Mezunlara da seslenen Prof. Dr. ASLAN, “Bugün sizin bulunduğunuz yerde bulunduğum

dönemin üzerinden çok uzun yıllar geçti. Atatürk Üniversitesi’nden mezun olduğumda, birçok

dönem arkadaşım gibi, karmaşık duygular içerisindeydim. Bir yandan, Türkiye’nin seçkin bir

üniversitesinden mezun olarak hayata atılmanın verdiği güven duygusunu taşırken, diğer yandan

önümdeki upuzun yolun belirsizliğinin getirdiği ürkeklik içerisindeydim. Ve herhalde her

arkadaşım gibi benim de beynimde kıymık gibi duran o soru vardı: ‘Acaba hayatta başarılı

olacak mıyım?’ Aradan çok uzun yıllar geçti, hâlâ kendime bu soruyu soruyorum. Ne var ki

sorunun kapsamı değişti.

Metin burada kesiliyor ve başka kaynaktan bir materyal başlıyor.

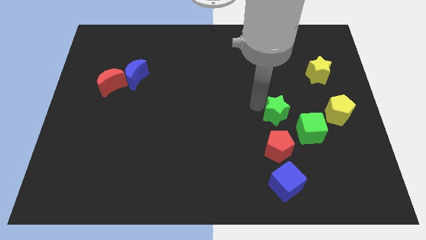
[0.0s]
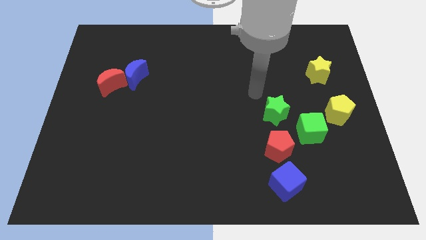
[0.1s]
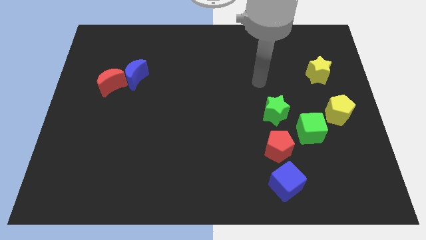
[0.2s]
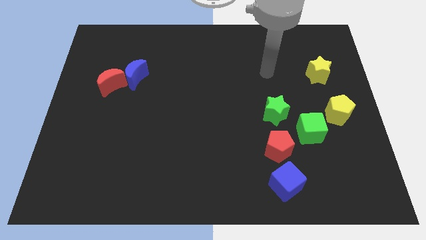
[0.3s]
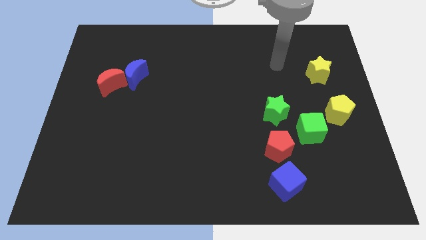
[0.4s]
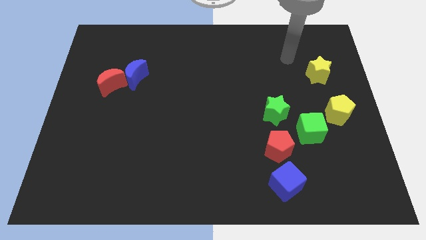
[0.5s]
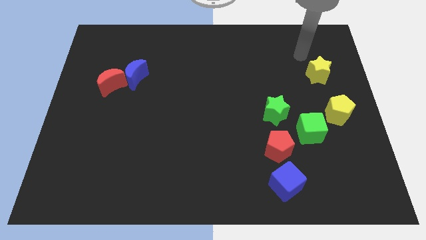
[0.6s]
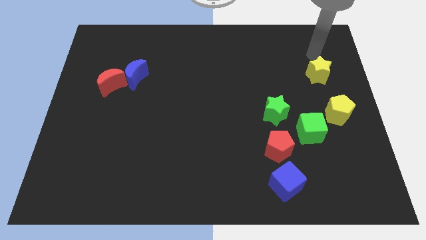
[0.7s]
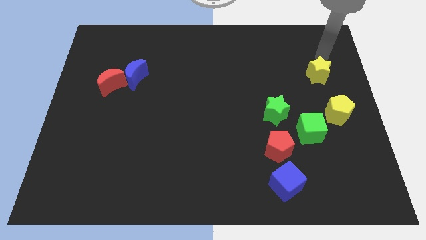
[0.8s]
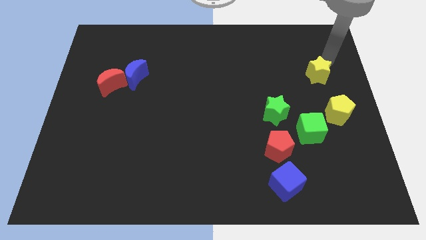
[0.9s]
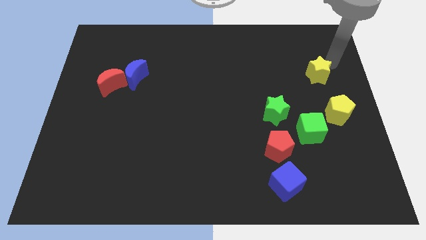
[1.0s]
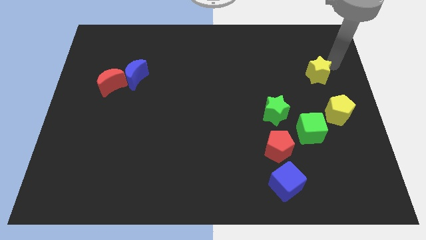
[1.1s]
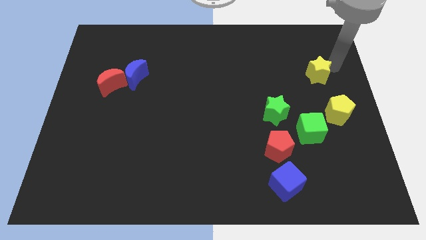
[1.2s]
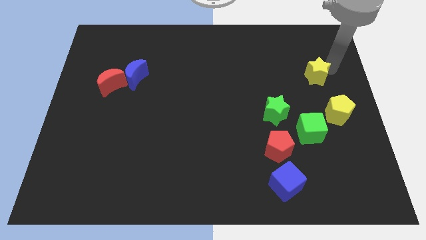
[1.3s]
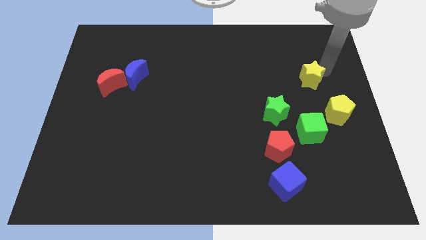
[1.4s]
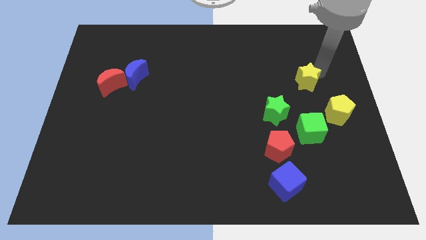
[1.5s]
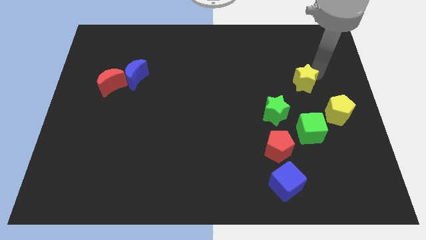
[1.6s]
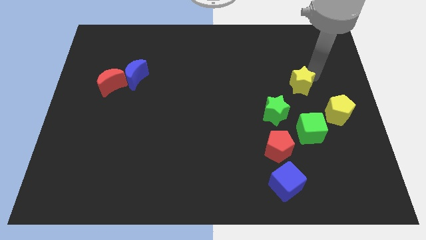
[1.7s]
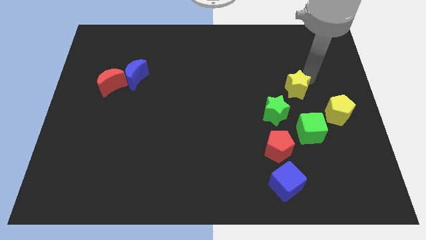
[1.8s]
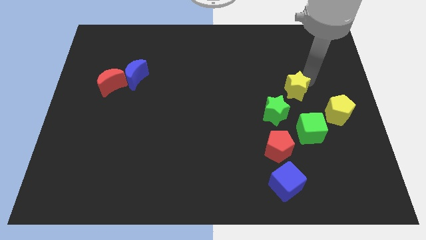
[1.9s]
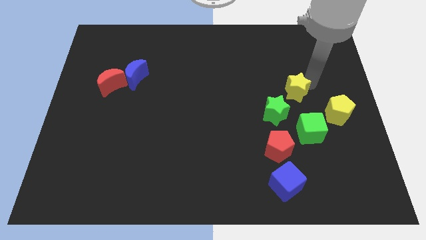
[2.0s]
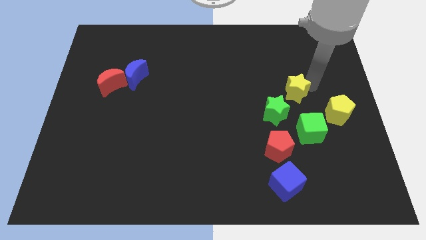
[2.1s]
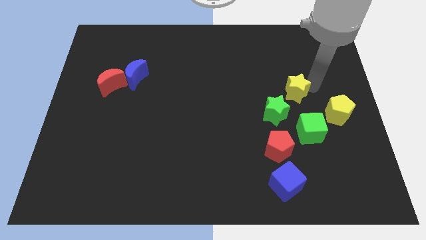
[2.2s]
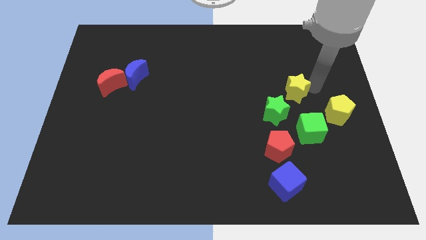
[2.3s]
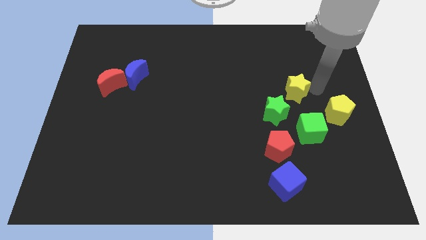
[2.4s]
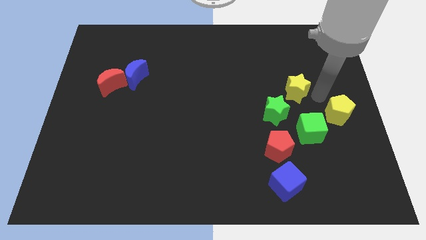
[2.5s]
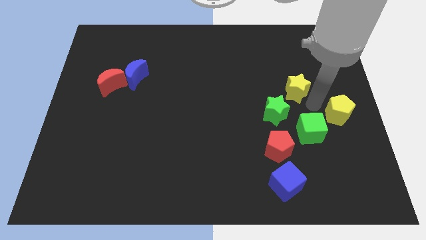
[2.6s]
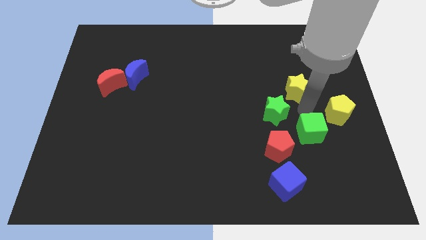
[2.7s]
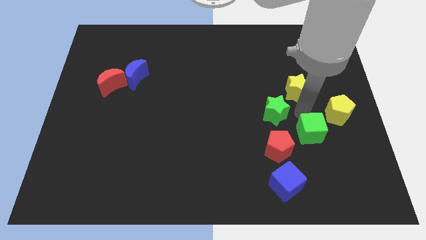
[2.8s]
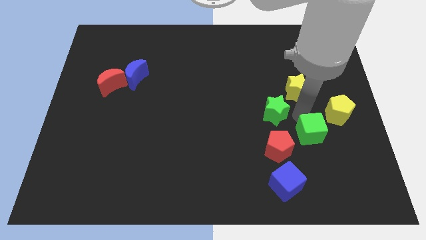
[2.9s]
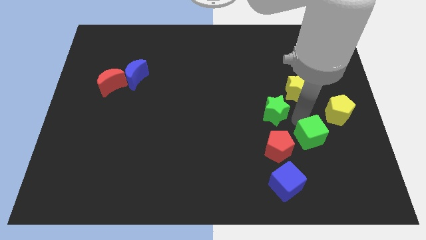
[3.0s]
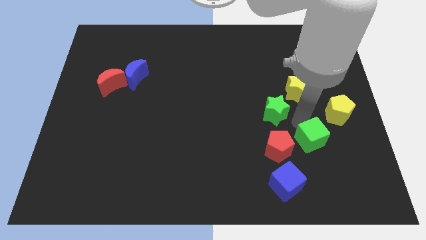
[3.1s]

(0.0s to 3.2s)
push the yellow star slightly towards the green star

O yıllar önce merak ettiğim, basite indirgeyecek olursam, yaşayacağım

hayatın fiziksel ve ölçülebilir tarifiydi daha ziyade. Bugün ise önemli olanın hayatla kurduğum

ilişkinin mahiyeti olduğunun; meselenin yaşamış olmaya değer bir hayat sürdürüp sürdürmemek

olduğunun farkındayım. Kişisel biyografimin insanlık tarihinde zerre kadar da olsa anlamlı bir iz

bırakıp bırakmayacağını merak ediyorum. Yazmış olduğum bir bilimsel makaleye bundan yüz

sene sonra başka bir bilimsel makalede atıf yapılabileceğini, Ağrı İbrahim Çeçen Üniversitesi’ne

vermiş olduğum emeğin yani bir asır sonra, ben çoktan toprak olmuşken, hâlâ sizlere ve

çocuklarınıza küçücük de olsa ilham verebileceğimi düşünmek beni heyecanlandırıyor. Ağrı’nın

kendi üniversitesine kavuştuktan sonra kutladığımız benim için bu son mezuniyet töreni vesilesi

ile hepinizi sevgiyle kucaklıyor ve sizlere yüksek hedeflerinize ulaşabileceğiniz başarılı ve mutlu

yıllar diliyorum. Her şey gönlünüzce olsun.”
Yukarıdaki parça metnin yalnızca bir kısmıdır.